Linda Fair, lead clinical nurse in the cardiac care unit of The Johns Hopkins Hospital, credits the 2018 patient safety survey with focusing attention on the need to provide more time for handoffs between providers in cardiac procedural areas, such as the catheterization laboratory, and primary nurses in the CCU.
“It will be interesting to see if people think we really made a difference,” she says. “Although we have other reporting mechanisms, such as Hero (online safety reporting portal), we don’t have a way of determining how people feel overall about teamwork on the unit. What comes out more on these surveys are attitudes about safety.”
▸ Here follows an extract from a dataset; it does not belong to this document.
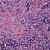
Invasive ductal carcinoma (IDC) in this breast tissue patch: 1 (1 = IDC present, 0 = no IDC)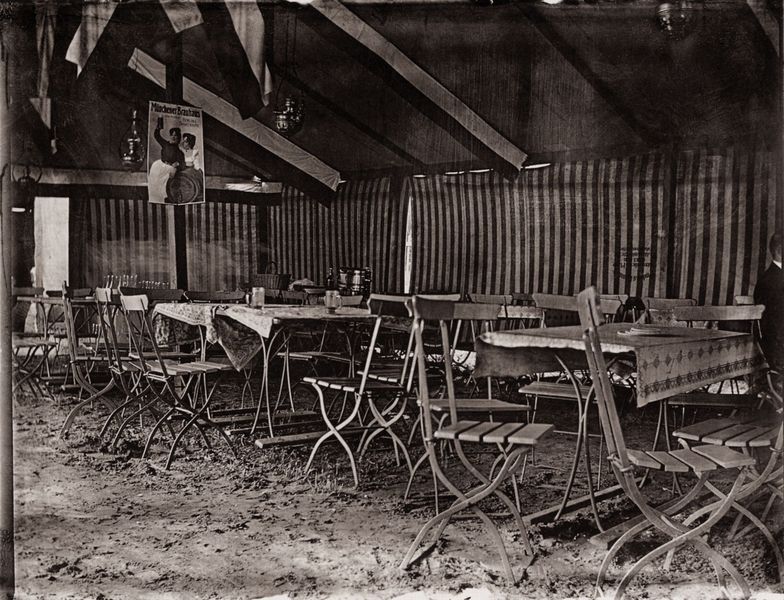
Titel: Leeres Bierzelt
Künstler: Heinrich Zille
Schlagwörter: mann, weiß, frauen, sand, glas, grau, holz, lampen, laternen, licht, lichter, rücken, schwarz, stuhl, stühle, tisch, tische, dach, gras, wiese, fest, muster, alt, feier, gläser, wand, tischdecke, tischtuch, erde, einsam, boden, sessel, decke, girlande, krug, lehne, fahnen, leer, verlassen, zäune, werbung, bank, essen, draussen, klappstuhl, gestreift, streifen, korb, balken, foto, fotografie, photographie, eingang, bierkrug, münchen, restaurant, schwarz-weiss, plakat, zirkus, bier, fass, bänke, photo, poster, bankett, krüge, ende, bänder, fotographie, laube, humpen, holzbalken, stadel, zelt, zelte, markise, filmplakat, photografie, decken, tühle, öllampen, biergarten, plane, oktoberfest, wiesn, telt, bierkrüge, bierglas, tischdecken, weeiß, gartenstühle, zille, heinrich, klappstühle, bierfass, biergläser, bierzelt, bierzeltgarnitur, festzelt, mümchen, zeltwand, strefen, bierdeckel, gartenlokal, gartenwirtschaft, baden-württemberg, garten tisch bierblas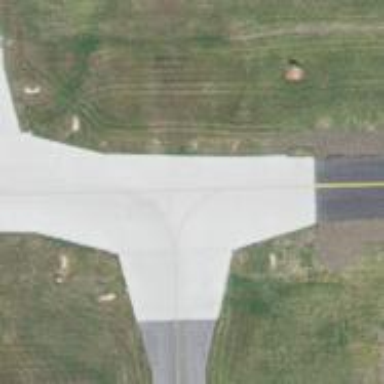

Fair serves as co-champion with Carol Burns of her unit’s Comprehensive Unit-Based Safety Program (CUSP), an initiative that seeks to increase patient safety by making sure front-line caregivers have the tools and support they need. She says the pandemic has caused her unit to work more closely with others, generating positive remarks about collaboration. She’s eager to know what the survey will say about that.
“I feel we’ve gotten to know a lot more people within cardiology,” she says. “I’m hoping our results will show that the past year has really improved the teamwork between our units, that it’s been good at relationship-building.”